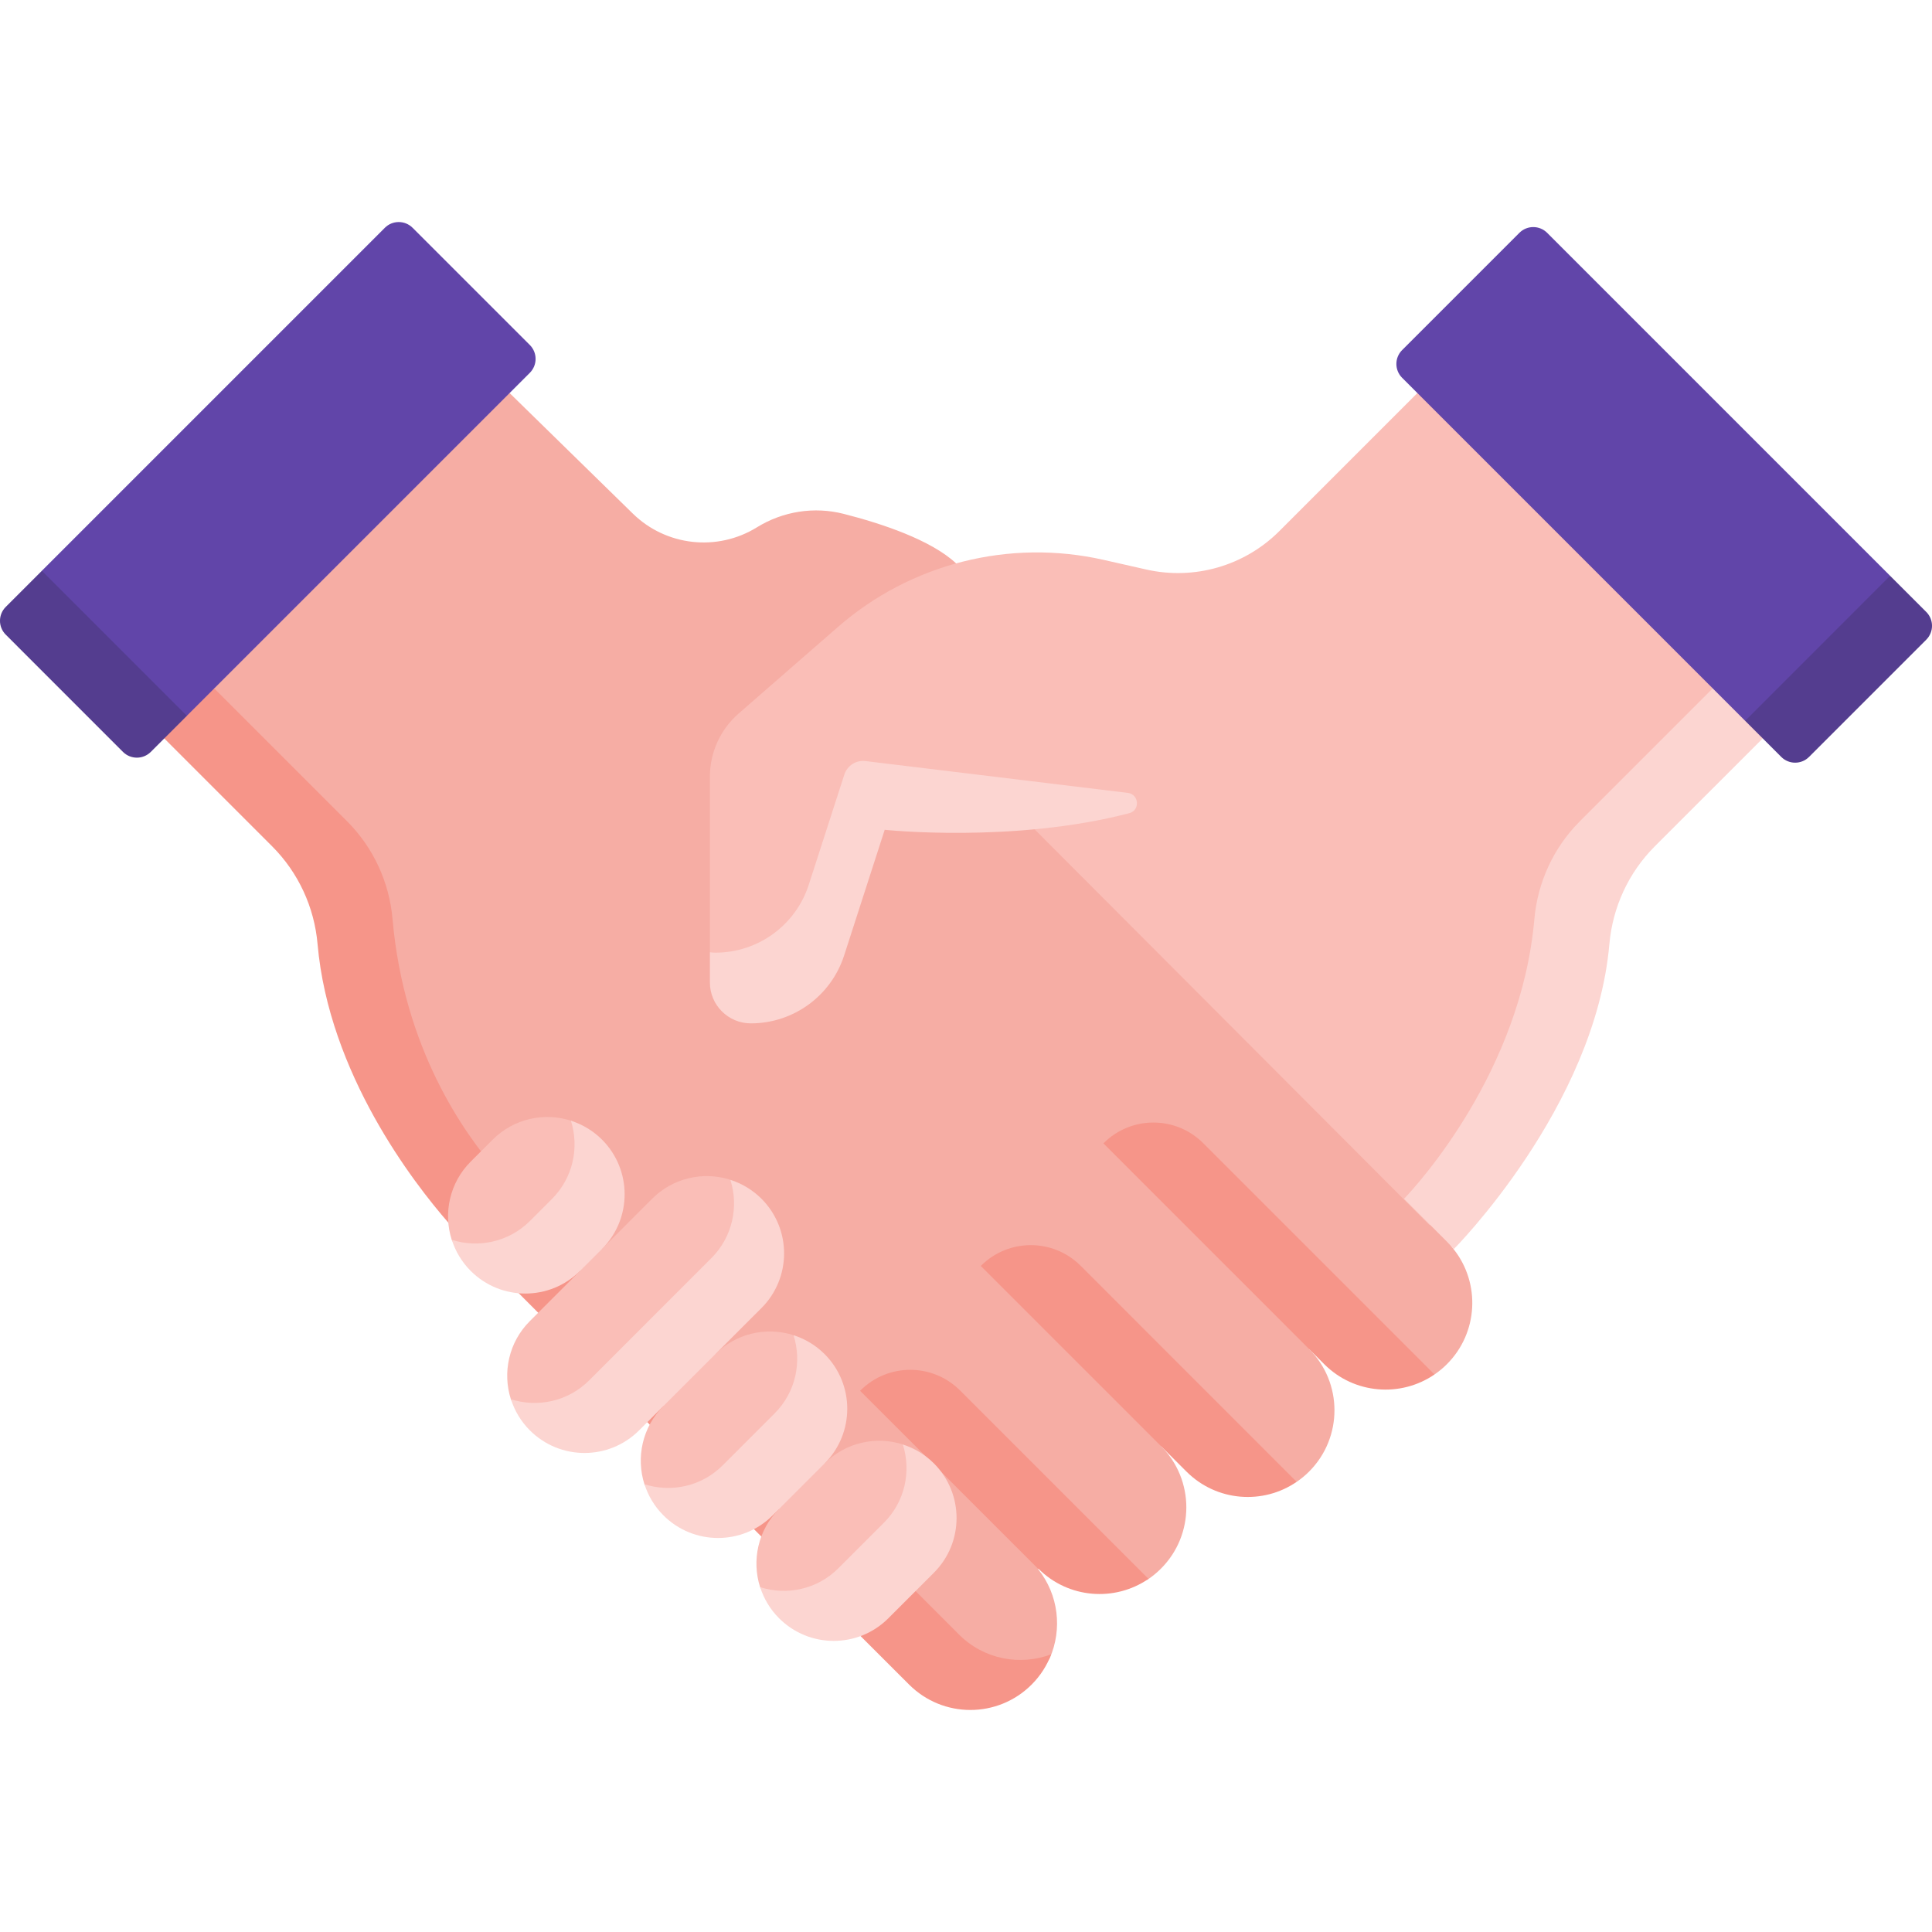 <svg width="52" height="52" viewBox="0 0 52 52" fill="none" xmlns="http://www.w3.org/2000/svg">
<g clip-path="url(#clip0_460_15853)">
<path d="M22.709 13.831C21.915 13.628 21.072 13.761 20.374 14.192C19.308 14.852 17.928 14.7 17.032 13.823L13.716 10.579L7.932 13.778L5.767 18.529L5.714 19.874L7.971 22.132C8.681 22.842 9.108 23.777 9.194 24.761C9.5 28.252 11.781 31.191 12.711 32.258L23.812 43.392L25.115 44.694C26.585 46.164 28.143 44.885 28.256 44.626C28.596 43.848 28.491 42.922 27.942 42.235L27.947 42.22C27.942 42.235 30.881 42.519 30.881 42.519C31.01 42.434 31.133 42.334 31.247 42.22C32.158 41.309 32.158 39.832 31.247 38.92L34.901 39.884C35.019 39.803 35.13 39.712 35.234 39.608C36.145 38.697 36.145 37.219 35.234 36.308L38.611 36.993C38.728 36.913 38.839 36.822 38.943 36.718C39.789 35.872 39.85 34.539 39.126 33.623C39.07 33.552 25.734 15.164 25.734 15.164C25.054 14.528 23.718 14.088 22.709 13.831Z" fill="#F6ADA4"/>
<path d="M25.813 43.995L24.511 42.692L13.409 31.558C12.479 30.492 10.871 28.226 10.565 24.735C10.479 23.751 10.052 22.815 9.343 22.106L5.766 18.529L4.383 18.619L4.42 19.874L7.324 22.778C8.034 23.488 8.461 24.424 8.547 25.408C8.853 28.898 11.134 31.838 12.064 32.904L23.165 44.038L24.468 45.34C25.379 46.252 26.856 46.252 27.767 45.34C28.006 45.101 28.181 44.822 28.294 44.525C27.462 44.842 26.484 44.666 25.813 43.995Z" fill="#F69589"/>
<path d="M31.934 39.608C32.741 40.415 33.992 40.507 34.9 39.884L29.085 34.068C28.344 33.328 27.144 33.328 26.403 34.068L26.398 34.073L31.934 39.608Z" fill="#F69589"/>
<path d="M27.944 42.227L27.947 42.22C28.753 43.027 30.004 43.119 30.912 42.496L25.84 37.424C25.099 36.684 23.899 36.684 23.159 37.424L23.149 37.433L27.944 42.227Z" fill="#F69589"/>
<path d="M35.233 36.309L35.233 36.308L35.643 36.718C36.45 37.525 37.701 37.617 38.61 36.994L32.385 30.769C31.644 30.028 30.444 30.028 29.703 30.769L29.698 30.773L35.233 36.309Z" fill="#F69589"/>
<path d="M38.479 32.977C38.479 32.977 42.285 29.162 42.671 24.761C42.757 23.777 43.184 22.842 43.894 22.132L46.151 19.875L46.098 18.529L42.824 13.962L38.149 10.579L34.434 14.294C33.497 15.231 32.146 15.621 30.854 15.329L29.705 15.069C27.169 14.496 24.511 15.167 22.552 16.876L19.88 19.205C19.389 19.633 19.107 20.253 19.107 20.904V25.63L19.933 26.713L21.461 25.966L23.547 21.128L27.846 22.321L38.479 32.977Z" fill="#FABEB7"/>
<path d="M1.073 16.708L1.126 15.363L10.358 6.131C10.564 5.925 10.899 5.925 11.105 6.131L14.261 9.286C14.467 9.493 14.467 9.827 14.261 10.034L5.029 19.266L3.683 19.319L1.073 16.708Z" fill="#6145A9"/>
<path d="M0.155 17.082L3.31 20.238C3.517 20.444 3.851 20.444 4.058 20.238L5.03 19.266L1.127 15.363L0.155 16.335C-0.052 16.541 -0.052 16.876 0.155 17.082Z" fill="#543D8F"/>
<path d="M22.726 20.846L21.768 23.813C21.416 24.903 20.402 25.641 19.257 25.641C19.206 25.641 19.157 25.636 19.107 25.63V26.443C19.107 27.051 19.6 27.544 20.209 27.544C21.354 27.544 22.368 26.806 22.72 25.716L23.812 22.334C23.812 22.334 27.272 22.702 30.394 21.887C30.691 21.81 30.66 21.378 30.356 21.341L23.293 20.484C23.042 20.454 22.804 20.605 22.726 20.846Z" fill="#FCD5D1"/>
<path d="M42.521 22.106C41.812 22.815 41.385 23.751 41.298 24.735C40.939 28.835 38.167 31.871 37.79 32.266L38.943 33.418C39.008 33.483 39.067 33.551 39.123 33.622L39.125 33.624C39.125 33.624 42.931 29.808 43.317 25.408C43.403 24.424 43.83 23.488 44.54 22.778L47.444 19.875L47.425 18.563L46.098 18.529L42.521 22.106Z" fill="#FCD5D1"/>
<path d="M20.458 42.719C20.229 42.002 20.399 41.184 20.968 40.614L20.935 39.355L22.195 39.388C22.765 38.818 23.582 38.648 24.3 38.877C24.606 38.975 25.302 40.871 24.49 41.683L23.264 42.909C22.451 43.722 20.556 43.025 20.458 42.719Z" fill="#FABEB7"/>
<path d="M24.3 38.879C24.529 39.597 24.361 40.414 23.791 40.984L22.565 42.21C21.995 42.78 21.178 42.948 20.46 42.719C20.558 43.025 20.726 43.313 20.969 43.556C21.781 44.368 23.098 44.368 23.91 43.556L25.137 42.329C25.949 41.517 25.949 40.2 25.137 39.388C24.894 39.145 24.606 38.977 24.3 38.879Z" fill="#FCD5D1"/>
<path d="M46.971 19.401L37.739 10.169C37.532 9.963 37.532 9.628 37.739 9.422L40.894 6.267C41.101 6.06 41.435 6.06 41.642 6.267L50.873 15.498L50.926 16.844L48.316 19.454L46.971 19.401Z" fill="#6145A9"/>
<path d="M48.69 20.373L51.845 17.218C52.052 17.011 52.052 16.677 51.845 16.47L50.873 15.498L46.971 19.401L47.943 20.373C48.149 20.579 48.484 20.579 48.69 20.373Z" fill="#543D8F"/>
<path d="M17.345 39.95C17.116 39.232 17.286 38.414 17.855 37.844L17.902 36.505L19.253 36.446C19.812 35.888 20.609 35.713 21.316 35.923C21.638 36.018 22.36 37.929 21.548 38.741L20.15 40.139C19.338 40.952 17.442 40.255 17.345 39.95Z" fill="#FABEB7"/>
<path d="M20.849 38.042L19.451 39.44C18.882 40.01 18.064 40.178 17.347 39.949C17.444 40.255 17.613 40.543 17.856 40.786C18.668 41.598 19.985 41.598 20.797 40.786L22.195 39.388C23.007 38.575 23.007 37.259 22.195 36.446C21.952 36.204 21.664 36.035 21.358 35.937C21.587 36.655 21.419 37.473 20.849 38.042Z" fill="#FCD5D1"/>
<path d="M13.75 37.662C13.521 36.944 13.691 36.126 14.261 35.557L15.611 34.207L15.254 33.27L16.203 33.614L17.553 32.264C18.111 31.706 18.908 31.531 19.616 31.741C19.937 31.836 20.66 33.747 19.848 34.559L16.555 37.852C15.743 38.664 13.848 37.968 13.75 37.662Z" fill="#FABEB7"/>
<path d="M19.149 33.86L15.857 37.153C15.287 37.722 14.47 37.891 13.752 37.661C13.85 37.967 14.018 38.255 14.261 38.498C15.073 39.31 16.39 39.31 17.202 38.498L20.495 35.206C21.307 34.393 21.307 33.077 20.495 32.264C20.252 32.022 19.964 31.853 19.658 31.755C19.887 32.473 19.718 33.291 19.149 33.86Z" fill="#FCD5D1"/>
<path d="M12.158 33.37C11.929 32.653 12.099 31.835 12.669 31.265L13.261 30.673C13.83 30.104 14.648 29.933 15.366 30.163C15.672 30.261 16.368 32.156 15.556 32.968L14.964 33.56C14.152 34.373 12.256 33.676 12.158 33.37Z" fill="#FABEB7"/>
<path d="M15.366 30.164C15.595 30.882 15.426 31.699 14.857 32.269L14.265 32.861C13.695 33.431 12.878 33.599 12.16 33.37C12.258 33.676 12.426 33.964 12.669 34.207C13.481 35.019 14.798 35.019 15.611 34.207L16.203 33.615C17.015 32.802 17.015 31.485 16.203 30.673C15.96 30.43 15.672 30.262 15.366 30.164Z" fill="#FCD5D1"/>
</g>
<defs>
<clipPath id="clip0_460_15853">
<rect width="52" height="52" fill="white"/>
</clipPath>
</defs>
</svg>

__Task goal__: Using the entries above, output exactly the lines between the line holding "32.977C38.479 32.977 42.285" and the line holding "20.846L21.768 23.813C21.416 24.903", end lines included, and nothing more.

__Task solution__:
<path d="M38.479 32.977C38.479 32.977 42.285 29.162 42.671 24.761C42.757 23.777 43.184 22.842 43.894 22.132L46.151 19.875L46.098 18.529L42.824 13.962L38.149 10.579L34.434 14.294C33.497 15.231 32.146 15.621 30.854 15.329L29.705 15.069C27.169 14.496 24.511 15.167 22.552 16.876L19.88 19.205C19.389 19.633 19.107 20.253 19.107 20.904V25.63L19.933 26.713L21.461 25.966L23.547 21.128L27.846 22.321L38.479 32.977Z" fill="#FABEB7"/>
<path d="M1.073 16.708L1.126 15.363L10.358 6.131C10.564 5.925 10.899 5.925 11.105 6.131L14.261 9.286C14.467 9.493 14.467 9.827 14.261 10.034L5.029 19.266L3.683 19.319L1.073 16.708Z" fill="#6145A9"/>
<path d="M0.155 17.082L3.31 20.238C3.517 20.444 3.851 20.444 4.058 20.238L5.03 19.266L1.127 15.363L0.155 16.335C-0.052 16.541 -0.052 16.876 0.155 17.082Z" fill="#543D8F"/>
<path d="M22.726 20.846L21.768 23.813C21.416 24.903 20.402 25.641 19.257 25.641C19.206 25.641 19.157 25.636 19.107 25.63V26.443C19.107 27.051 19.6 27.544 20.209 27.544C21.354 27.544 22.368 26.806 22.72 25.716L23.812 22.334C23.812 22.334 27.272 22.702 30.394 21.887C30.691 21.81 30.66 21.378 30.356 21.341L23.293 20.484C23.042 20.454 22.804 20.605 22.726 20.846Z" fill="#FCD5D1"/>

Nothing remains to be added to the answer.